This is about collecting information about the subject of the treat.
What I do need from skimmerless reefers, from those who never had a skimmer or have removed it since a long period, minimum a year, is information about the accumulation of nutrients in their systems and what they are feeding, protein content, from marine origin or not, etc..

Information about how skimmerless reefers manage their tank, how the bio-load and carrying capacity is managed, filtration?

All info is welcome.
2+ years. 10 gallon IM NUVO AIO

Equipment is a return pump and heater and ATO. Filter sock is changed monthly-ish.

Bubble tip anemones and flower/rock/maxi/mini anemones and sexy shrimp.
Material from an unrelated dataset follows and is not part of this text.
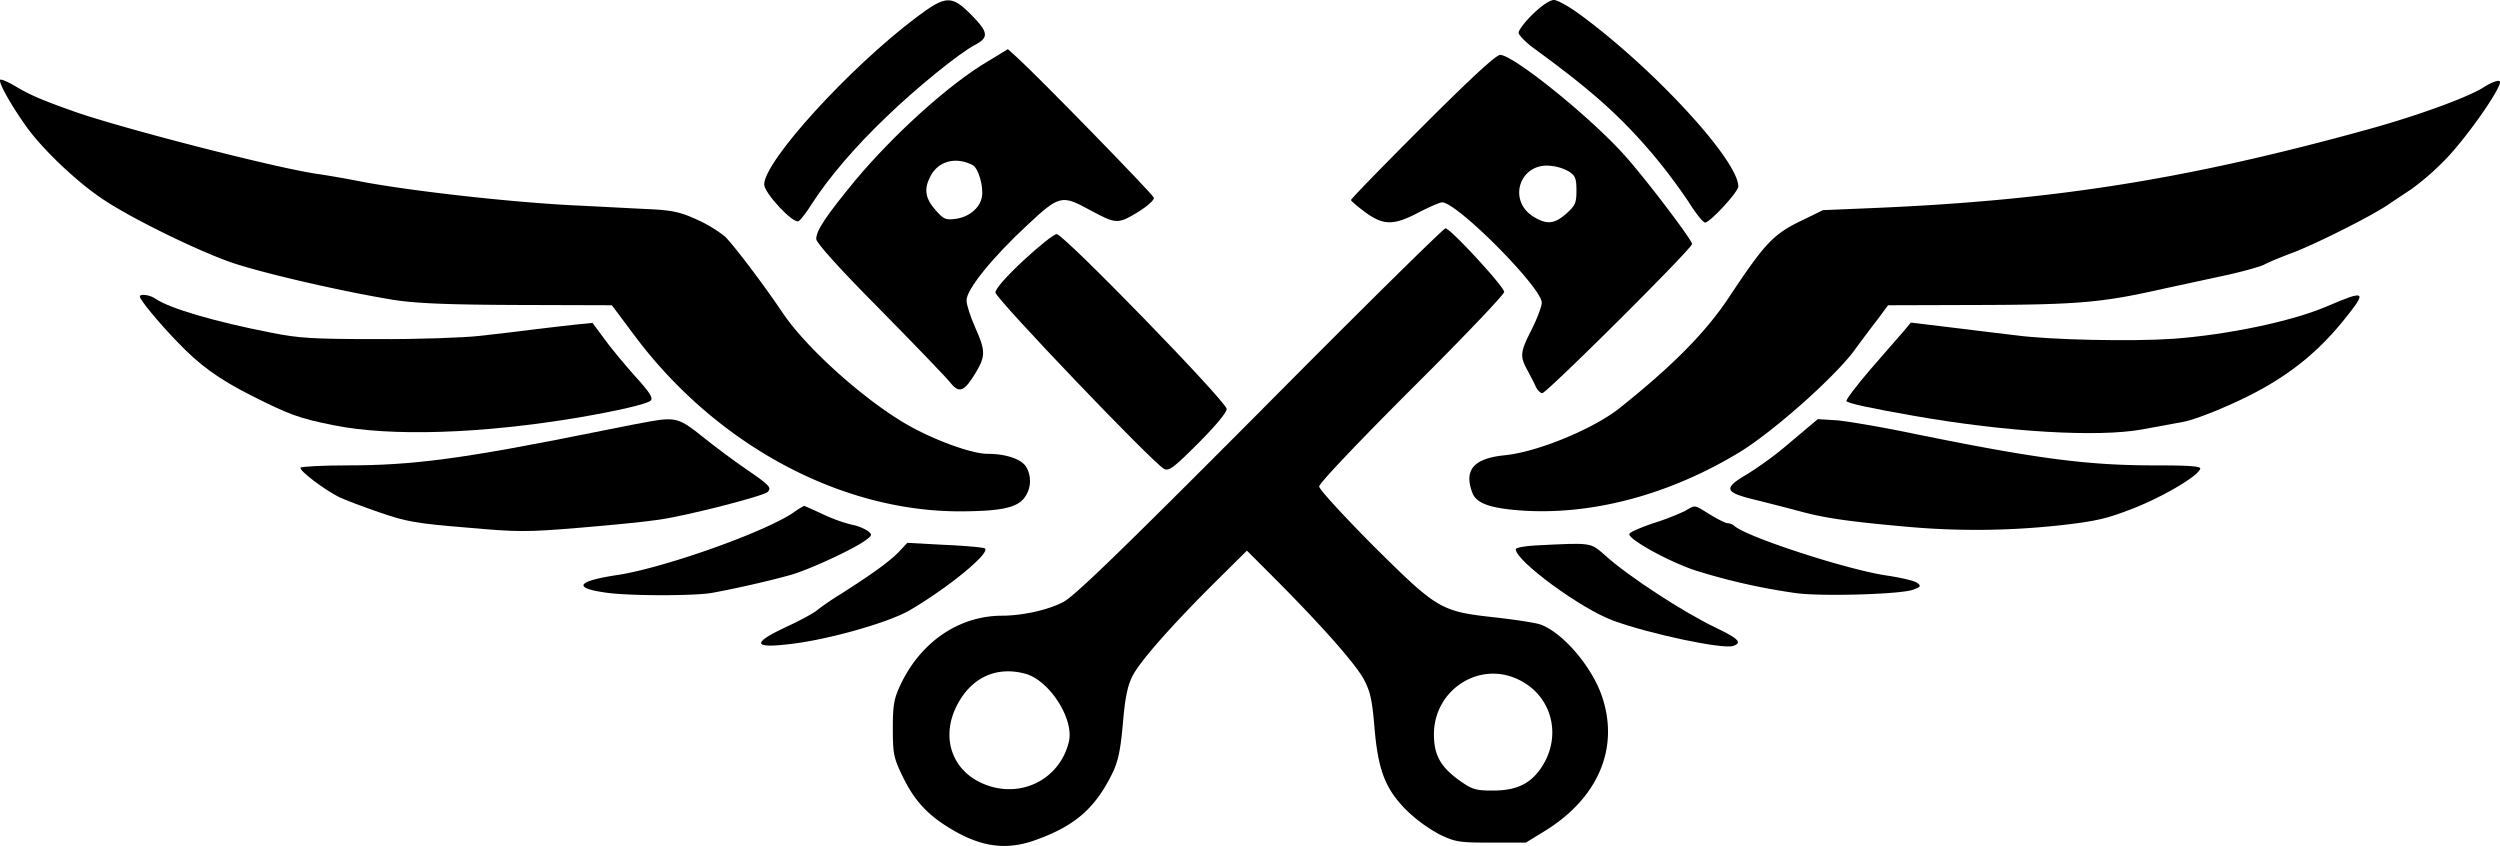 <svg xmlns="http://www.w3.org/2000/svg" width="805.776" height="272.653" viewBox="0 0 805.776 272.653"><g id="Falcon_Vet" data-name="Falcon Vet" transform="translate(-25.624 302)"><path id="Tracciato_76" data-name="Tracciato 76" d="M338.912-296.31C317.2-279.912,290-250.006,290-242.553c0,2.795,9.41,12.857,11.087,11.832.652-.373,2.609-2.888,4.286-5.59,5.4-8.385,13.882-18.354,23.944-27.95,9.689-9.41,23.571-20.59,28.509-23.2,4.658-2.422,4.472-4.1-.932-9.6C350.372-303.67,348.6-303.577,338.912-296.31Z" transform="translate(-18.068 -0.007)"></path><path id="Tracciato_77" data-name="Tracciato 77" d="M555.658-297.528c-2.609,2.516-4.658,5.217-4.658,6.056s2.422,3.261,5.4,5.4c17.981,13.136,27.111,21.242,37.546,33.447a184.219,184.219,0,0,1,11.739,15.559c2.329,3.727,4.751,6.8,5.4,6.8,1.584,0,10.714-9.876,10.714-11.646,0-8.292-26.552-37.266-50.31-54.875-3.82-2.888-7.919-5.217-9.13-5.217S558.453-300.23,555.658-297.528Z" transform="translate(-35.904)"></path><path id="Tracciato_78" data-name="Tracciato 78" d="M363.341-281.087c-12.484,7.36-30.186,23.385-42.763,38.384C311.168-231.243,308-226.585,308-223.79c0,1.211,7.453,9.5,20.59,22.732,11.273,11.459,21.521,22.08,22.732,23.664,2.795,3.447,4.379,2.795,8.105-3.354,3.168-5.31,3.168-7.081-.186-14.534-1.491-3.354-2.795-7.267-2.795-8.758,0-3.54,8.478-13.975,19.658-24.316,10.155-9.5,11.087-9.689,19.658-5.031,8.944,4.845,9.317,4.845,15.745,1.025,3.168-1.956,5.5-4.006,5.31-4.751-.28-1.118-37.36-39.13-44.161-45.279L369.769-285ZM358.4-247.64c1.863.932,3.633,7.081,2.981,10.341-.652,3.54-4.192,6.428-8.385,6.987-3.261.466-3.913.186-6.615-2.888-3.261-3.727-3.727-6.708-1.584-10.807C347.316-248.945,353-250.435,358.4-247.64Z" transform="translate(-19.298 -1.162)"></path><path id="Tracciato_79" data-name="Tracciato 79" d="M516.012-259.895C503.341-247.224,493-236.6,493-236.231c0,.279,2.05,2.05,4.565,3.913,5.869,4.286,9.13,4.379,17.236.093,3.447-1.77,6.894-3.261,7.546-3.261,4.845,0,32.142,27.484,32.142,32.329,0,1.211-1.491,5.124-3.261,8.664-3.727,7.36-3.82,8.571-1.4,13.043.932,1.77,2.236,4.192,2.7,5.31.559,1.211,1.491,2.143,2.143,2.143,1.4,0,48.26-46.583,48.26-48.074,0-1.3-14.627-20.59-21.521-28.322C570.514-262.69,545.359-283,541.074-283,539.769-283,531.85-275.733,516.012-259.895Zm47.328,14.534c1.956,1.3,2.329,2.236,2.329,6.056,0,4.006-.373,4.845-3.261,7.453-3.82,3.354-6.242,3.633-10.528,1.025-8.664-5.31-4.379-17.7,5.683-16.4A14.558,14.558,0,0,1,563.34-245.361Z" transform="translate(-31.941 -1.298)"></path><path id="Tracciato_80" data-name="Tracciato 80" d="M25.695-274.4c-.652.745,3.261,7.826,8.292,14.907,5.4,7.64,17.049,18.633,25.621,24.13,8.851,5.776,27.763,15.093,39.037,19.285,8.851,3.354,36.055,9.689,53.57,12.577,7.081,1.118,16.584,1.584,39.968,1.677l30.652.093,7.733,10.341c26.366,34.937,66.427,56.365,105.184,56.086,12.2-.093,17.236-1.118,19.751-4.006a9,9,0,0,0,.745-10.528c-1.677-2.422-6.615-4.006-12.3-4.006-4.658,0-15.093-3.633-23.757-8.2-13.975-7.36-34.285-25.248-42.391-37.36-6.335-9.41-15.838-21.894-18.54-24.5a42.183,42.183,0,0,0-8.944-5.4c-5.031-2.329-7.733-2.981-14.441-3.354-4.472-.186-16.118-.838-25.9-1.3-21.335-1.118-54.036-4.845-69.409-7.919-3.82-.745-9.689-1.77-13.043-2.236-13.7-2.05-63.632-14.907-78.446-20.217-10.435-3.727-13.7-5.124-19.006-8.292C27.931-273.845,25.974-274.683,25.695-274.4Z" transform="translate(0 -1.882)"></path><path id="Tracciato_81" data-name="Tracciato 81" d="M860.73-271.859c-5.31,3.261-20.869,8.944-36.614,13.323-58.229,16.118-100.9,22.919-158.382,25.434l-17.795.745L641.045-229c-9.13,4.379-11.832,7.267-23.571,24.968-7.453,11.18-18.074,21.894-35.124,35.5-8.478,6.708-26.459,14.161-37.08,15.186-9.969,1.025-13.136,4.751-10.341,12.112,1.3,3.54,6.242,5.124,17.143,5.776,22.36,1.211,46.583-5.4,68.57-18.633,10.714-6.428,30.558-23.944,37.266-32.888,2.236-3.074,5.59-7.546,7.547-10.062l3.447-4.658,30.186-.093c31.3-.093,39.223-.839,58.508-5.217,4.379-.932,12.857-2.795,19.006-4.1,6.056-1.3,12.2-2.981,13.6-3.727s5.4-2.422,8.944-3.727c7.453-2.795,25.248-11.739,30.652-15.372,2.05-1.4,5.59-3.727,7.826-5.217a86.422,86.422,0,0,0,10.621-9.223c7.174-7.267,19.1-24.41,17.795-25.527C865.575-274.375,863.152-273.443,860.73-271.859Z" transform="translate(-34.74 -1.912)"></path><path id="Tracciato_82" data-name="Tracciato 82" d="M452.821-163.933c-45.092,45.279-59.813,59.533-63.446,61.4-5.031,2.609-13.23,4.379-19.844,4.379-13.789.093-26.086,8.478-32.608,22.36-2.05,4.379-2.422,6.428-2.422,13.975,0,8.012.28,9.41,2.888,14.907,3.633,7.64,7.546,12.2,14.254,16.49,10.435,6.708,18.913,8.105,28.6,4.658,12.95-4.565,19.565-10.341,25.155-21.894,1.77-3.727,2.516-7.453,3.261-15.838.652-7.919,1.491-12.018,2.981-15,2.329-4.845,13.043-16.863,27.111-30.838l9.876-9.782,9.317,9.317c15.186,15.279,25.434,26.925,28.322,32.049,2.143,4.1,2.7,6.615,3.447,15.279,1.118,13.882,3.447,20.031,10.155,26.832a48.88,48.88,0,0,0,10.714,7.919c5.217,2.515,6.335,2.7,16.77,2.7h11.18l5.776-3.54C561.639-39.09,568.626-55.115,563.222-71.7c-3.074-9.6-12.484-20.776-19.844-23.571-1.491-.559-8.105-1.584-14.72-2.329-17.7-1.956-18.54-2.515-39.409-23.2-9.782-9.876-17.329-18.074-17.329-19.006,0-1.025,12.484-14.161,29.813-31.49,16.4-16.3,29.813-30.372,29.813-31.211,0-1.677-17.329-20.5-18.913-20.5C511.981-223,485.056-196.448,452.821-163.933Zm-75.558,84.5C385-77.288,393.008-64.8,391.238-57.537c-3.074,12.857-16.863,19.006-28.881,12.95-9.037-4.565-12.112-14.534-7.453-24.13C359.468-78.127,367.76-82.04,377.263-79.431Zm158.475,1.677c10.807,4.845,14.534,17.515,8.292,27.763-3.633,5.869-8.2,8.2-16.211,8.2-5.5,0-6.615-.373-10.714-3.261-6.149-4.472-8.2-8.2-8.2-14.907C508.907-74.028,523.161-83.531,535.738-77.754Z" transform="translate(-21.109 -5.399)"></path><path id="Tracciato_83" data-name="Tracciato 83" d="M379.037-212.522c-5.683,5.31-9.037,9.13-9.037,10.341,0,1.863,50.589,54.782,54.316,56.831,1.584.839,3.074-.28,10.994-8.2,5.683-5.683,9.223-9.969,9.223-11.087,0-2.329-52.546-56.365-54.782-56.365C388.82-221,384.068-217.18,379.037-212.522Z" transform="translate(-23.535 -5.536)"></path><path id="Tracciato_84" data-name="Tracciato 84" d="M74-199.441c0,1.025,6.056,8.385,12.112,14.627,6.987,7.36,13.23,11.925,23.757,17.236,12.577,6.335,15.466,7.36,26.552,9.6,18.447,3.727,47.608,2.795,79.191-2.515,12.391-2.143,21.8-4.286,23.012-5.4.932-.838-.279-2.7-5.124-8.012-3.447-3.913-7.919-9.223-9.876-12.018l-3.727-5.031-5.59.559c-3.168.373-9.223,1.025-13.6,1.584s-12.112,1.491-17.236,2.05-20.031,1.118-33.074,1.025c-20.5,0-25.155-.28-34.006-2.05-18.54-3.633-32.7-7.826-37.266-10.9C77.354-200,74-200.466,74-199.441Z" transform="translate(-3.306 -6.971)"></path><path id="Tracciato_85" data-name="Tracciato 85" d="M818.775-196.073c-11.087,4.658-31.4,8.944-49.005,10.248-13.23.932-39.782.373-50.775-1.118-3.354-.373-12.3-1.491-19.937-2.422l-13.882-1.677-2.422,2.888c-1.3,1.491-6.149,7.081-10.714,12.3-4.472,5.217-7.919,9.782-7.64,10.155.839.745,7.546,2.236,21.987,4.751,29.72,5.217,58.974,6.894,73.135,4.379,4.658-.838,10.528-1.956,13.136-2.422,2.609-.373,9.41-2.888,15.186-5.5,16.211-7.174,26.925-15.186,36.521-26.925C832.47-201.477,832.1-201.756,818.775-196.073Z" transform="translate(-43.653 -6.985)"></path><path id="Tracciato_86" data-name="Tracciato 86" d="M242.7-156.344c-1.3.186-9.41,1.77-18.167,3.54-42.484,8.571-58.695,10.714-79.843,10.714-8.012,0-14.813.373-15.093.745-.559.838,7.36,6.894,12.3,9.41,1.863.932,7.826,3.168,13.23,5.031,8.664,2.981,11.925,3.54,27.857,4.845,16.677,1.491,19.379,1.491,36.335.093,10.062-.838,21.614-1.956,25.714-2.609,8.851-1.211,33.819-7.64,35.124-8.944,1.4-1.4.559-2.236-7.081-7.453-3.82-2.609-10.062-7.267-13.882-10.341C251.925-157.182,250.527-157.648,242.7-156.344Z" transform="translate(-7.104 -9.913)"></path><path id="Tracciato_87" data-name="Tracciato 87" d="M643.581-149.547a115.992,115.992,0,0,1-13.7,10.155c-8.105,4.751-7.733,5.963,2.7,8.478,3.727.932,9.969,2.515,13.789,3.54,8.105,2.236,15.745,3.354,34.471,5.031a248.432,248.432,0,0,0,49.937-.466c11.366-1.3,14.627-2.05,23.292-5.4,9.689-3.82,20.776-10.341,21.614-12.764.28-.838-3.168-1.118-14.441-1.118-22.08,0-38.291-2.143-78.073-10.248-10.248-2.143-21.335-4.006-24.689-4.286L652.432-157Z" transform="translate(-40.909 -9.909)"></path><path id="Tracciato_88" data-name="Tracciato 88" d="M295.044-124.764c-9.41,6.335-41.459,17.7-56.459,20.031-13.23,1.956-14.72,4.192-4.006,5.683,7.267,1.118,28.7,1.118,34.378.093,9.037-1.677,19.379-4.1,25.621-5.869,6.522-1.956,20.683-8.571,24.223-11.366,1.77-1.4,1.77-1.584.186-2.795a14.717,14.717,0,0,0-5.124-1.956,52.39,52.39,0,0,1-9.223-3.354c-3.168-1.491-5.963-2.7-6.056-2.7A28.682,28.682,0,0,0,295.044-124.764Z" transform="translate(-13.795 -11.96)"></path><path id="Tracciato_89" data-name="Tracciato 89" d="M607.187-125.306a81.609,81.609,0,0,1-10.155,3.913c-4.1,1.4-7.547,2.888-7.733,3.447-.559,1.584,12.3,8.758,21.149,11.739a201.537,201.537,0,0,0,32.608,7.36c8.292,1.118,33.819.373,37.732-1.118,2.515-.932,2.609-1.211,1.211-2.236-.932-.652-5.31-1.677-9.782-2.329-12.671-1.863-45.372-12.484-49.1-16.025a3.858,3.858,0,0,0-2.143-.839c-.652,0-3.261-1.3-5.683-2.795C609.982-127.449,610.727-127.356,607.187-125.306Z" transform="translate(-38.521 -11.976)"></path><path id="Tracciato_90" data-name="Tracciato 90" d="M333.25-111.219c-2.888,2.981-8.385,6.987-18.633,13.509a87.032,87.032,0,0,0-7.64,5.217c-.932.838-5.31,3.261-9.782,5.31-11.366,5.31-10.994,7.081,1.118,5.59,12.3-1.4,31.583-6.894,38.384-10.807,12.484-7.267,26.459-18.726,24.316-20.031-.466-.279-6.242-.838-12.857-1.118l-12.112-.652Z" transform="translate(-17.995 -12.834)"></path><path id="Tracciato_91" data-name="Tracciato 91" d="M556.335-113.338c-3.54.186-6.335.745-6.335,1.211,0,3.82,21.149,19.285,31.4,23.012,12.018,4.379,35.124,9.223,38.571,8.2,3.168-1.025,1.956-2.329-5.4-5.869-10.248-4.845-28.416-16.677-35.683-23.291C573.944-114.363,574.875-114.27,556.335-113.338Z" transform="translate(-35.836 -12.858)"></path></g></svg>

I think there’s a snail in there.

Water change of a gallon or so every 6 months if I feel like it.

Glass is scraped weekly.

10-15lbs of Gulf Live Rock and a 2” sand bed.

I broadcast feed a mysis shrimp cube weekly and 1/2-1tsp of dry food daily.

things I don’t know: my salinity, nitrates, phosphates, Ph, magnesium, calcium, and up until last weekend, the temperature.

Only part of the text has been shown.